[Extracted records]
#####
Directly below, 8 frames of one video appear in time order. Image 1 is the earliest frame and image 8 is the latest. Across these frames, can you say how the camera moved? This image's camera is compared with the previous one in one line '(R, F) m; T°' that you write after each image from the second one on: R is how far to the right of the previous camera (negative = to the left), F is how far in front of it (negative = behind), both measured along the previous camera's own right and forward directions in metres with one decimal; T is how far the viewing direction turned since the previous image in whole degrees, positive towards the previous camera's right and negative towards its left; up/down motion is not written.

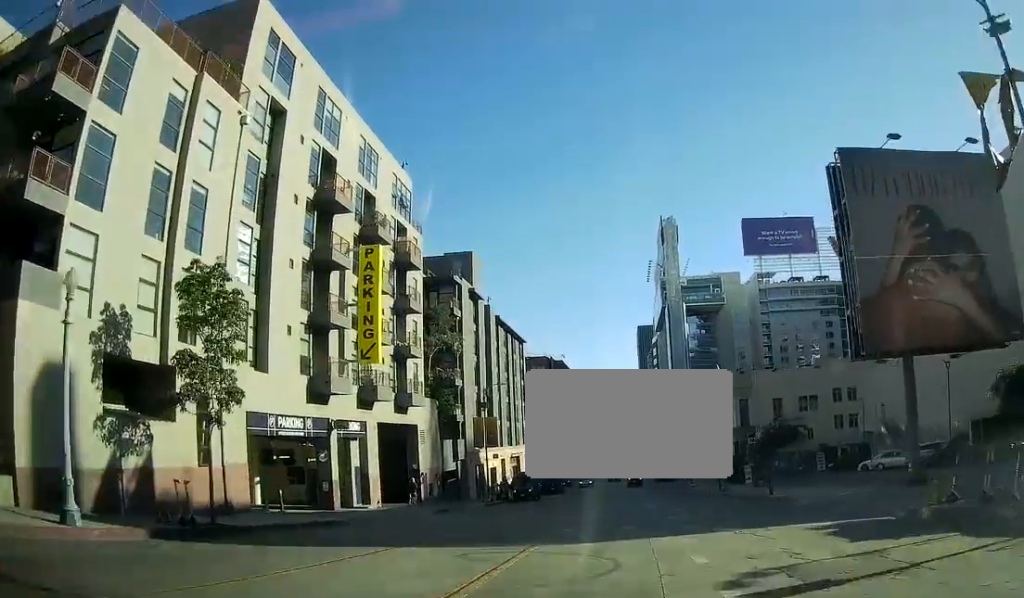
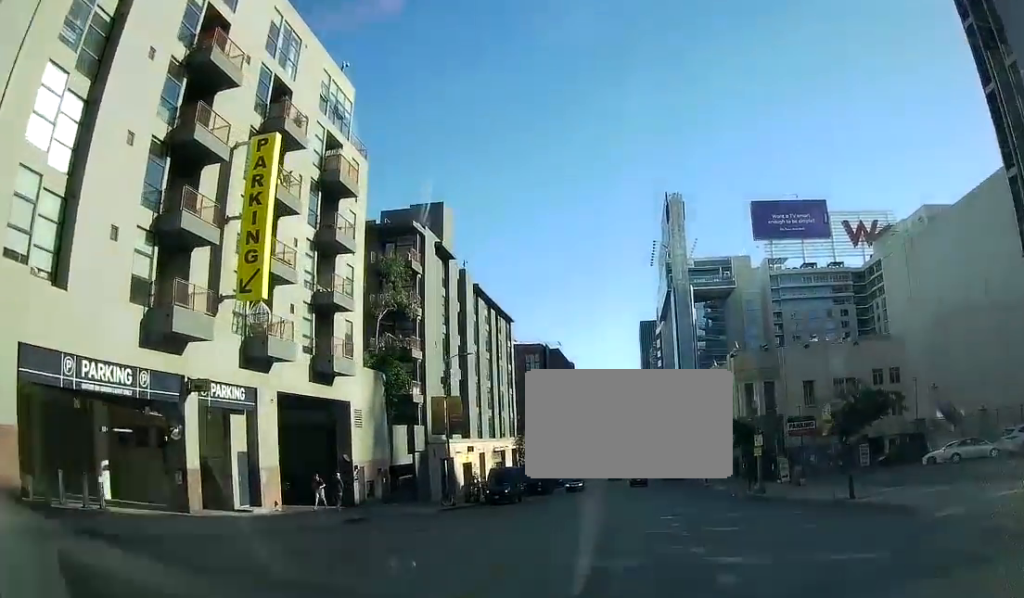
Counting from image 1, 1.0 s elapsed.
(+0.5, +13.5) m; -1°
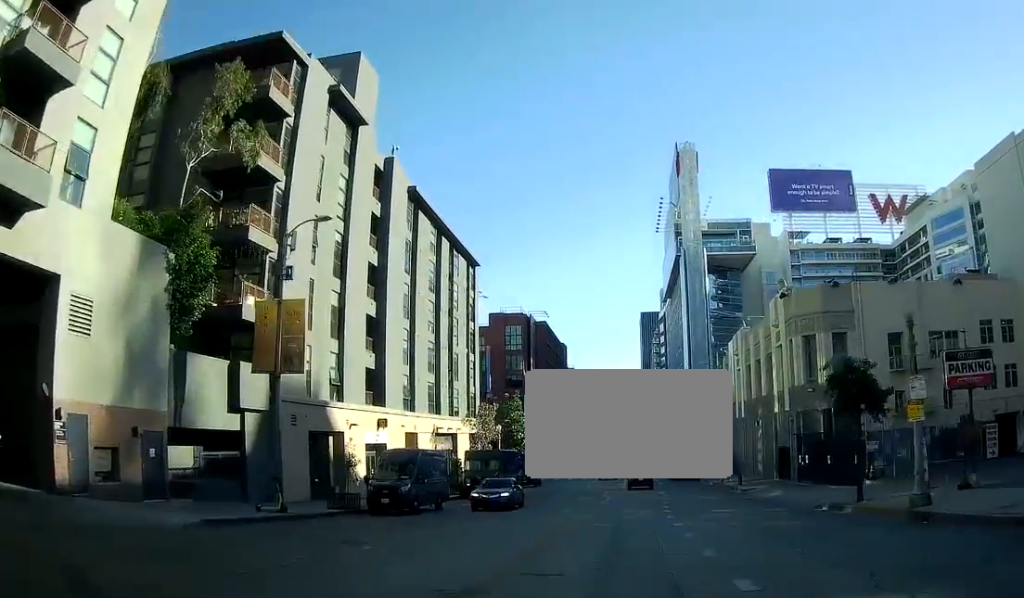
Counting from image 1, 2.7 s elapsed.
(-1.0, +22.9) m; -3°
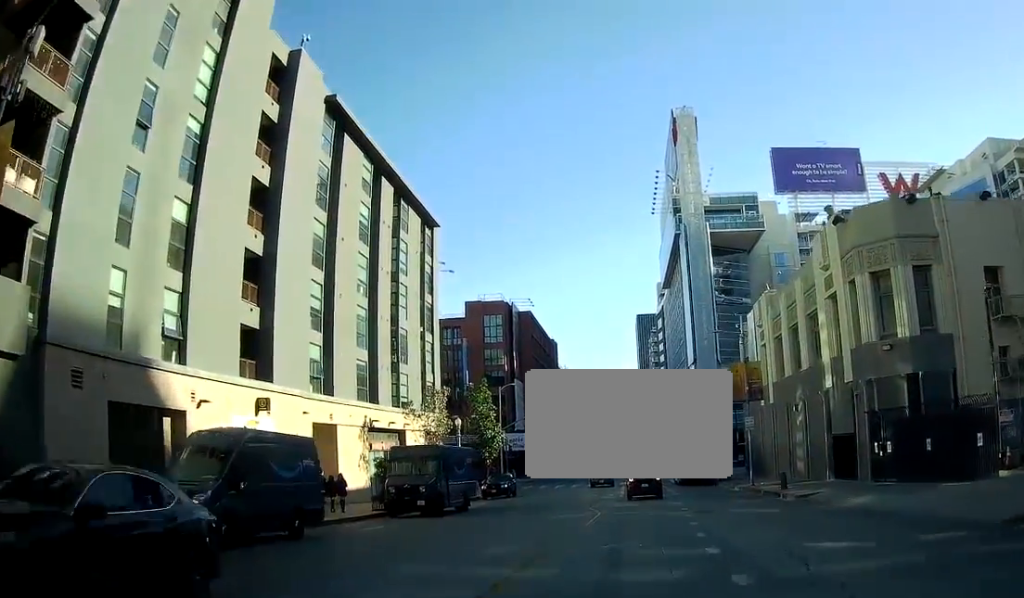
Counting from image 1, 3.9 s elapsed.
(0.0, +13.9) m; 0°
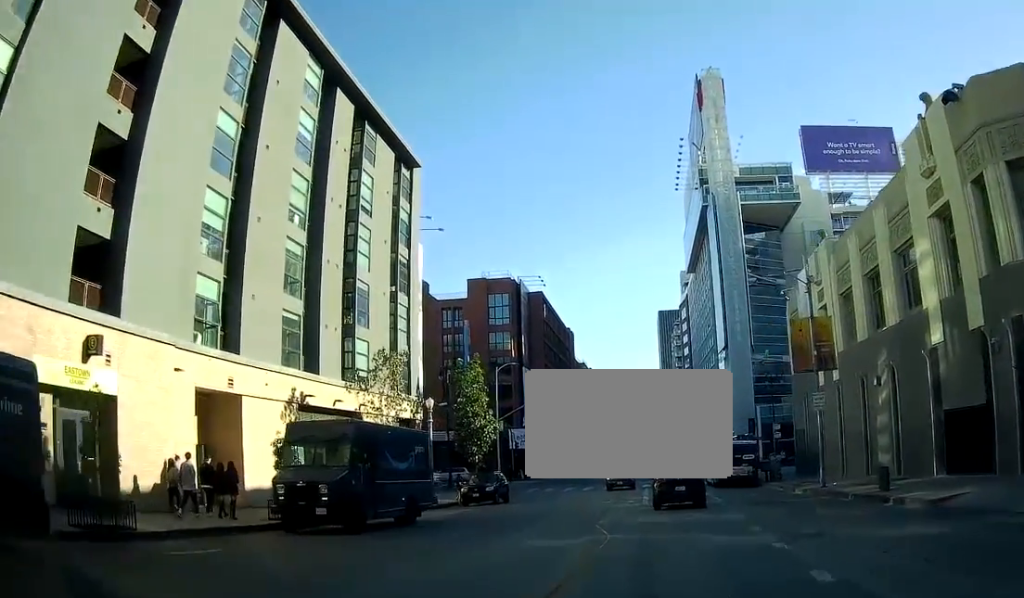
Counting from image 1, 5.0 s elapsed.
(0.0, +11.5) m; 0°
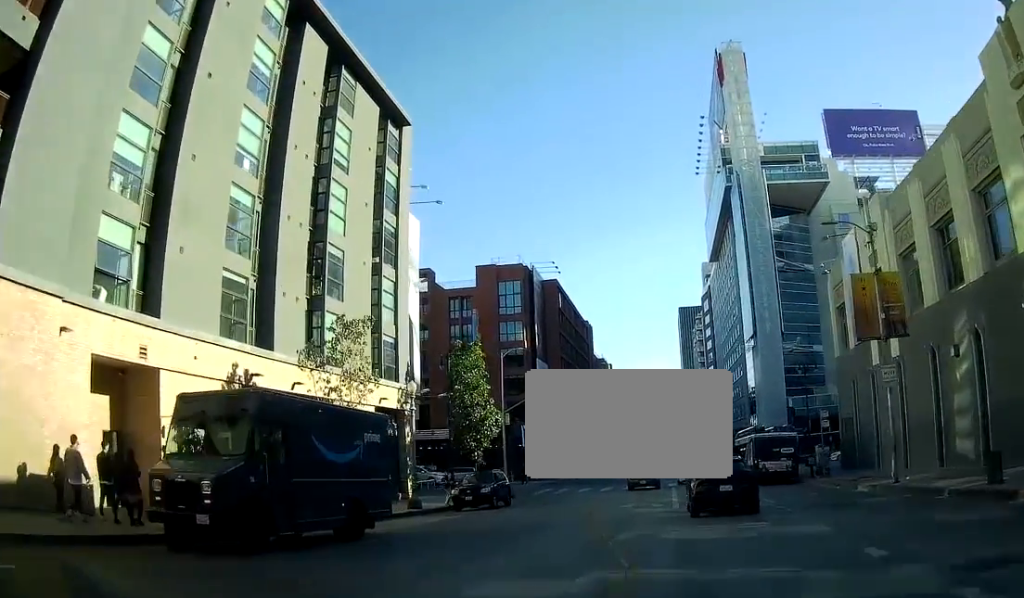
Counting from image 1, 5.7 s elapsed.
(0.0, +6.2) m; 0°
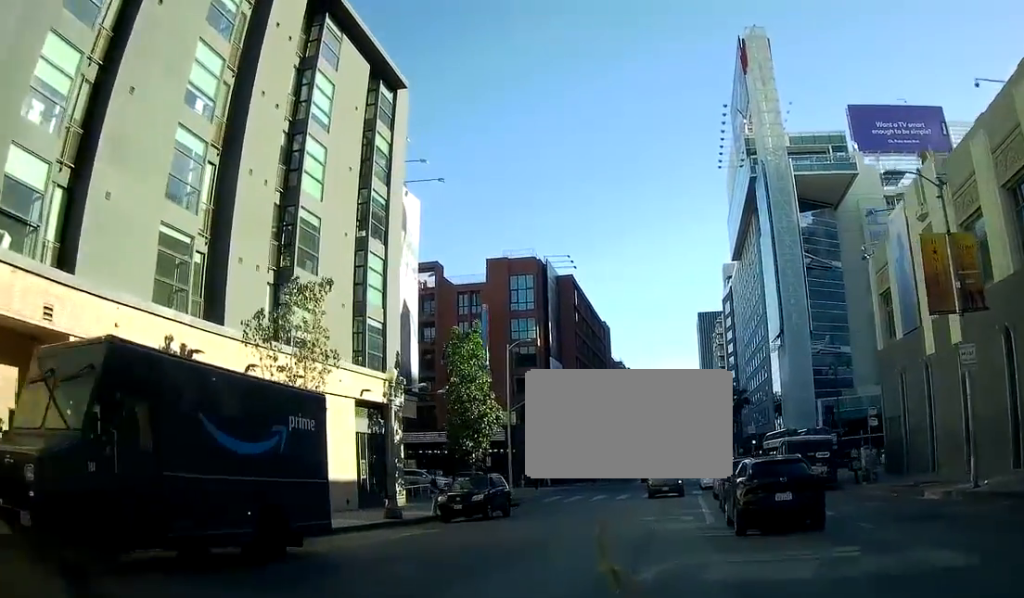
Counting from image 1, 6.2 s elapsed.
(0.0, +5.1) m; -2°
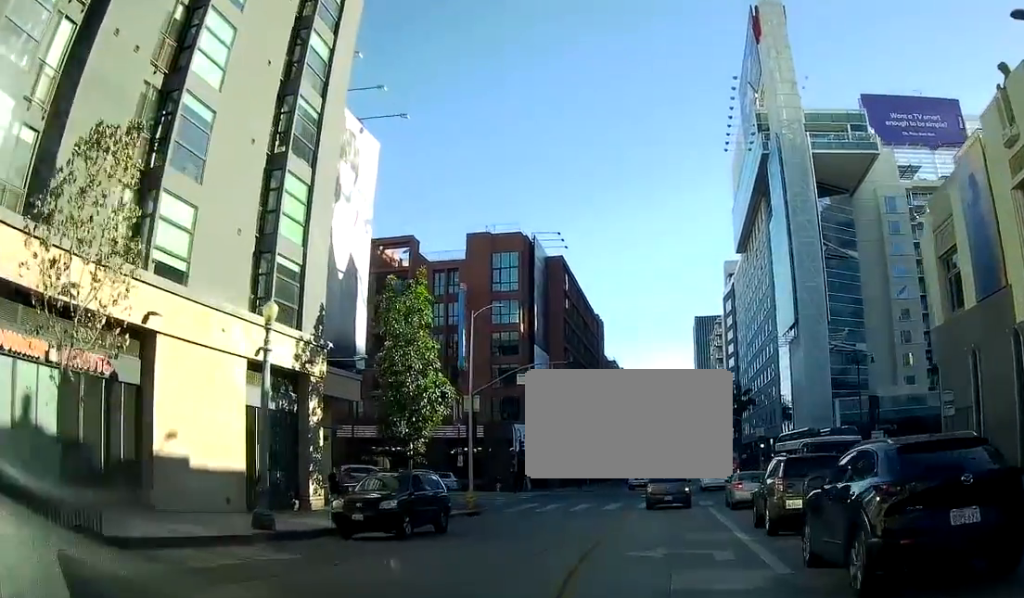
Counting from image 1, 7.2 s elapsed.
#####
Reproduce all the entries above exactly. Include no images.

Exercise output:
Directly below, 8 frames of one video appear in time order. Image 1 is the earliest frame and image 8 is the latest. Across these frames, can you say how the camera moved? This image's camera is compared with the previous one in one line '(R, F) m; T°' that you write after each image from the second one on: R is how far to the right of the previous camera (negative = to the left), F is how far in front of it (negative = behind), both measured along the previous camera's own right and forward directions in metres with one decimal; T is how far the viewing direction turned since the previous image in whole degrees, positive towards the previous camera's right and negative towards its left; up/down motion is not written.

Counting from image 1, 1.0 s elapsed.
(+0.5, +13.5) m; -1°
Counting from image 1, 2.7 s elapsed.
(-1.0, +22.9) m; -3°
Counting from image 1, 3.9 s elapsed.
(0.0, +13.9) m; 0°
Counting from image 1, 5.0 s elapsed.
(0.0, +11.5) m; 0°
Counting from image 1, 5.7 s elapsed.
(0.0, +6.2) m; 0°
Counting from image 1, 6.2 s elapsed.
(0.0, +5.1) m; -2°
Counting from image 1, 7.2 s elapsed.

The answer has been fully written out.